Chapter 1 Introduction

In this course, we will explore a variety of tools that can assist with reproducible data analysis from a broad range of fields. The tools we will cover may take some time to get used to, but the payoff will be immeasurable. Not only are these skills valuable for career advancement, they will also make your work-life easier. The tools will enhance your ability to reproduce your work across similar projects, stay organized, collaborate with others effectively, and more. This course was funded as part of a series of courses in the Training Module for Reproducible Data Science Research project.

1.1 Motivation

Many researchers are self-taught when it comes to computer science. However, data analysis has become a requirement for most researchers. The ability to smoothly work in a reproducible manner not only makes for easier more maintainable workflows, it also improves scientific rigor and transparency.

This course will help learners to use tools that will make their data analytic workflows more organized, more understandable to collaborators (and your future self!), and ultimately more efficient.

1.2 Target Audience

This course is intended for people conducting data analyses at the level of a graduate student or higher. The course is designed so that the majority of the material is presented in a high-level manner that should be applicable to researchers working in a broad range of areas. The course is centered around the R programming language, a widely used statistical analysis software package.

For individuals who: Are new to working in R or RStudio, are familiar with R but want to make their projects more organized, transparent, and reproducible, want to learn about making reproducible reports and want to track changes across projects over time with GitHub

1.3 Topics covered:

This course will cover organization practices, coding practices, tools, and concepts for making your data analyzes more reproducible in R.

We will cover important topics such as version control to track changes in documents over time, coding practices to make your code more transparent and to test your code, and methods for sharing your code and data in efficient and clear ways.

Concepts discussed in the Tools for Reproducible Workflows in R course: Why R is a great tool for reproducibility, major practices involved in reproducibility and methods to organize projects, how to use tools in RStudio to make your work more reproducible, How to make reproducible RMarkdown and Quarto reports, code practices to make your code more transparent, version control with GitHub to track changes over time and collaborate with others on projects, how to be transparent about software versions, how to share data and code publicly

1.4 Curriculum

The course will cover the basics for getting started with configuring your projects for use of tools and practices to make your analyses more reproducible.

We will also point to more advanced topics in other resources.

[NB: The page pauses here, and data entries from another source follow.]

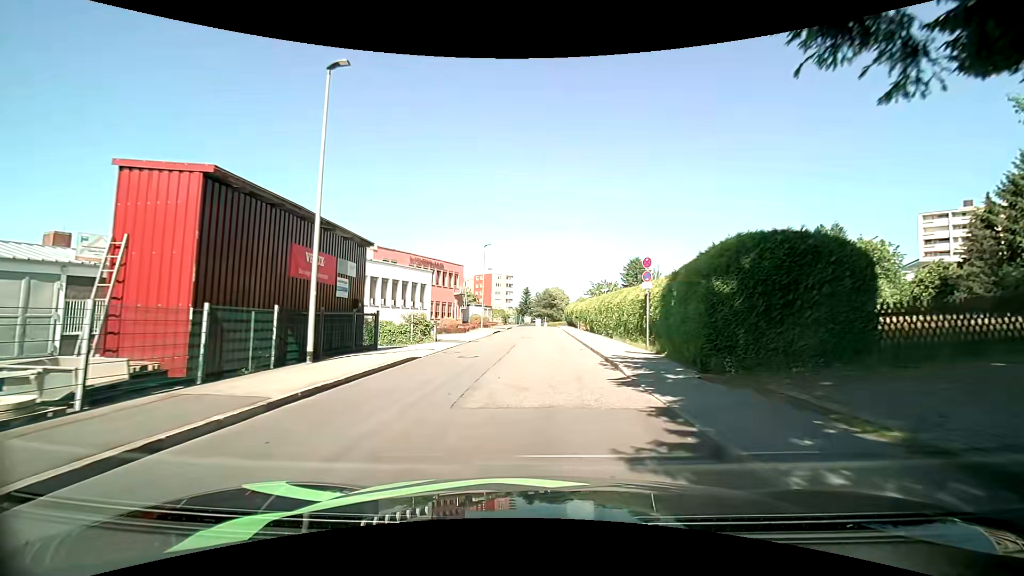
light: Day
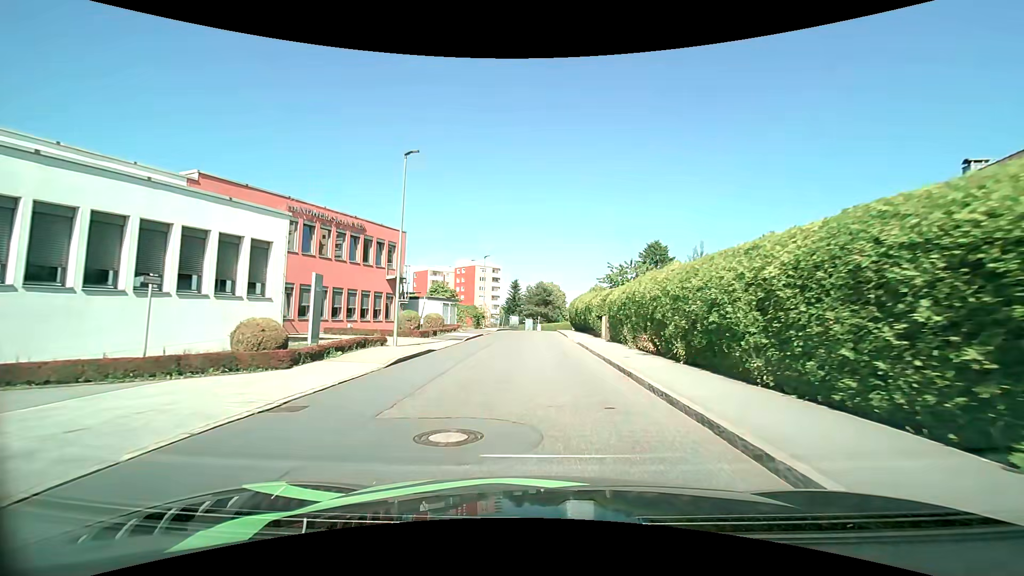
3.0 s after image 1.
(+0.2, +27.2) m; +1°
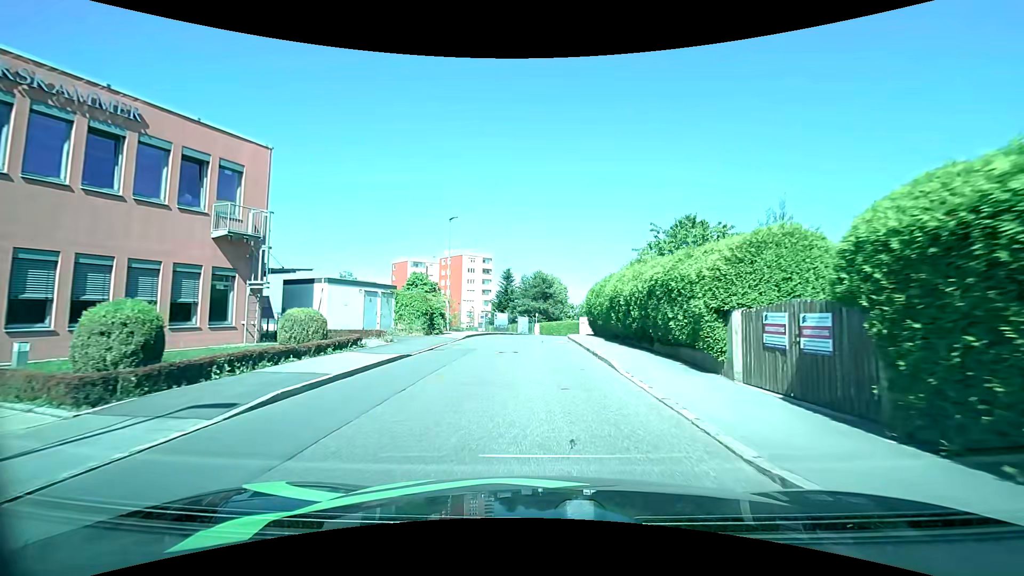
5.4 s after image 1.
(+0.1, +21.0) m; 0°
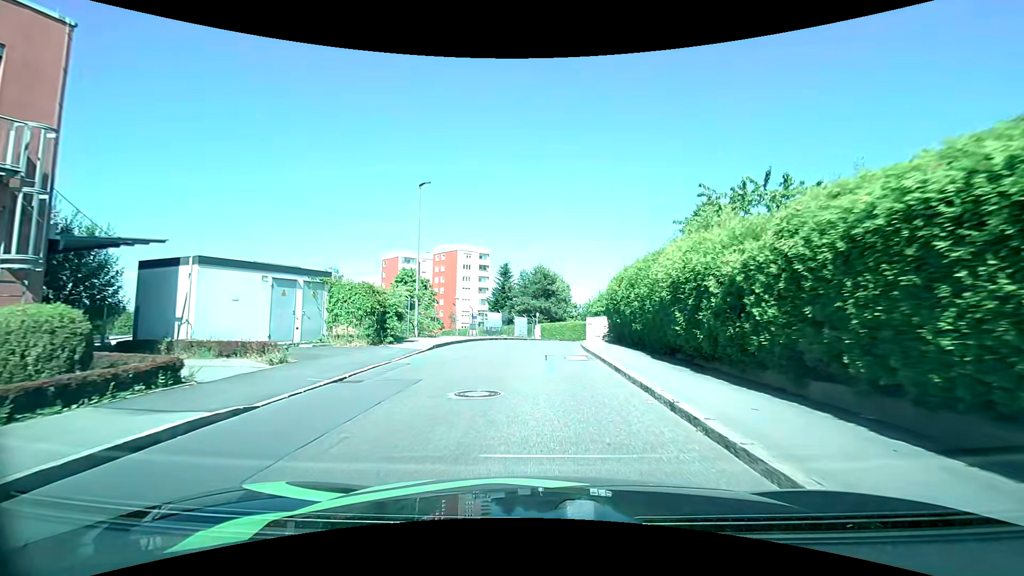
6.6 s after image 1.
(0.0, +9.3) m; 0°
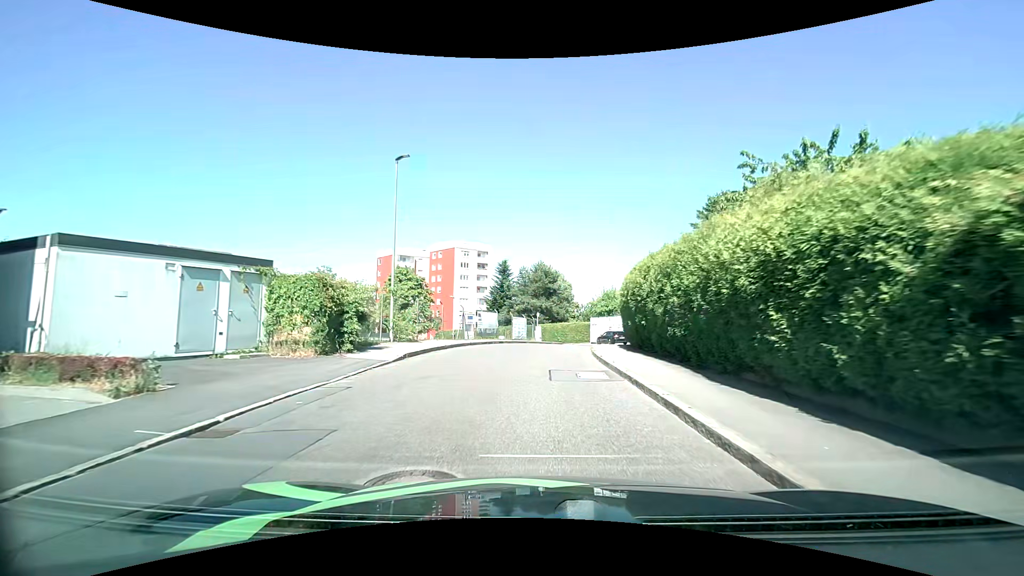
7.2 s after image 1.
(0.0, +4.5) m; 0°
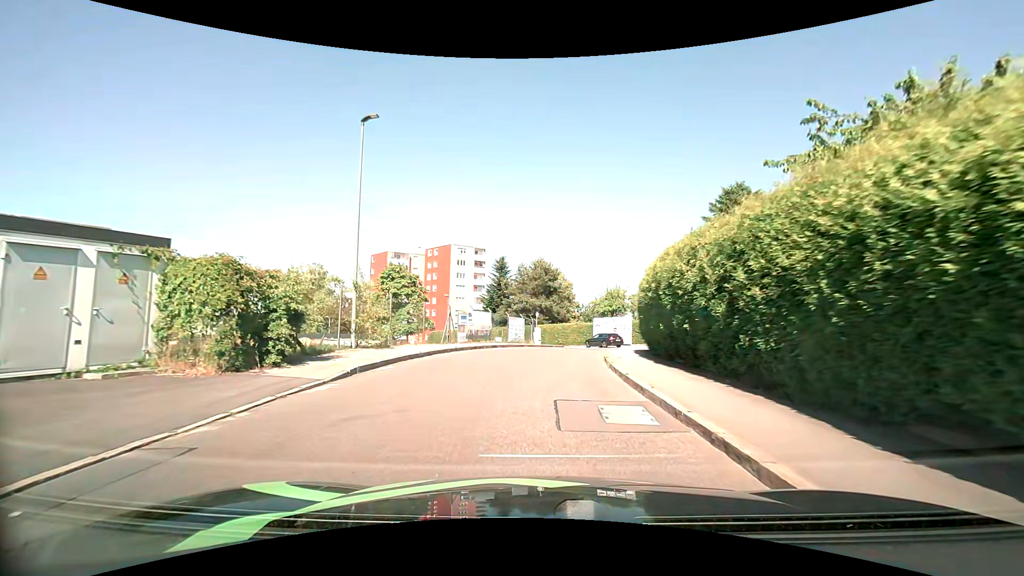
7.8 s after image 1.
(0.0, +4.3) m; 0°
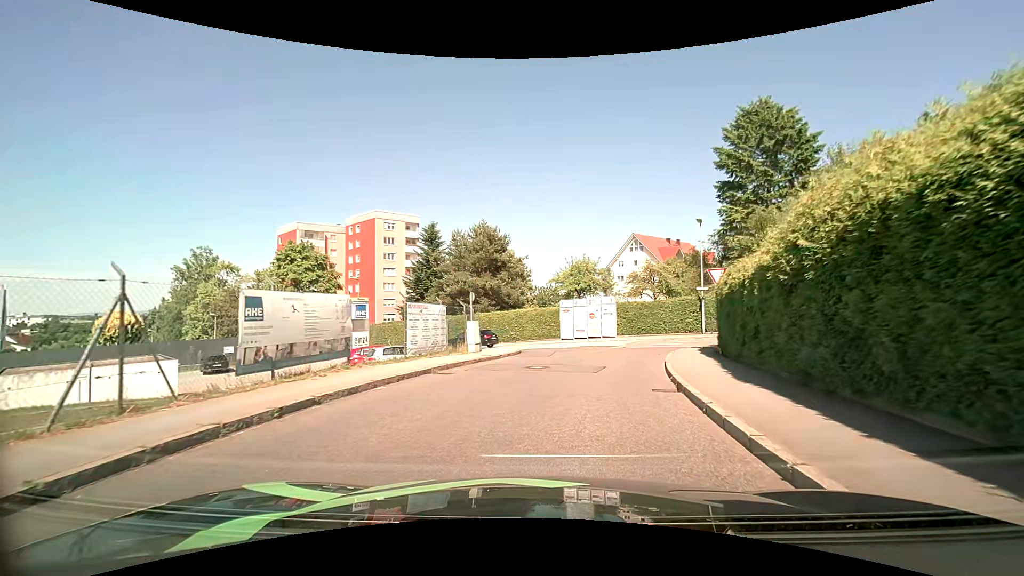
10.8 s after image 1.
(+0.4, +18.1) m; +5°
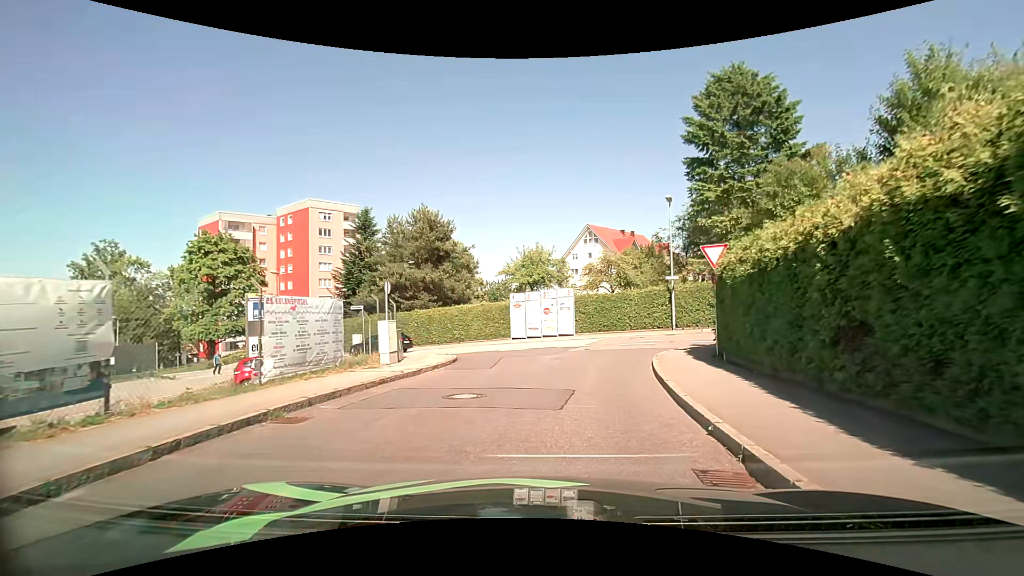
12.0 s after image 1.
(+0.3, +5.6) m; +6°
(+1, +10) (+2, +20) (0, +29) (-8, +35) (-17, +39) (-26, +44) (-35, +48) (-44, +53) (-52, +58) (-61, +63) m

Overall Course Learning Objectives. This course will demonstrate how to: 1. Explain best practices for making analyses more reproducible and transparent, 2. Use special features in RStudio for efficiency and reproducibility, 3. Configure and organize projects for data analysis using the here package and the ProjectTemplate package, 4. Create reproducible reports using RMarkdown and Quarto, 5. Write custom functions for reuse of code, 6.Test functions with the testthat package, 7. Setup and use Git and GitHub to track changes over time.,  8. Share data and code publicly

References will include Gillespie and Lovelace (2021), Riederer (2020), Timbers, Campbell, and Lee (2022).

Code review references will include “About Scientific Code Review” (n.d.), Radigan (n.d.), Parker (2017), Bodner (2018).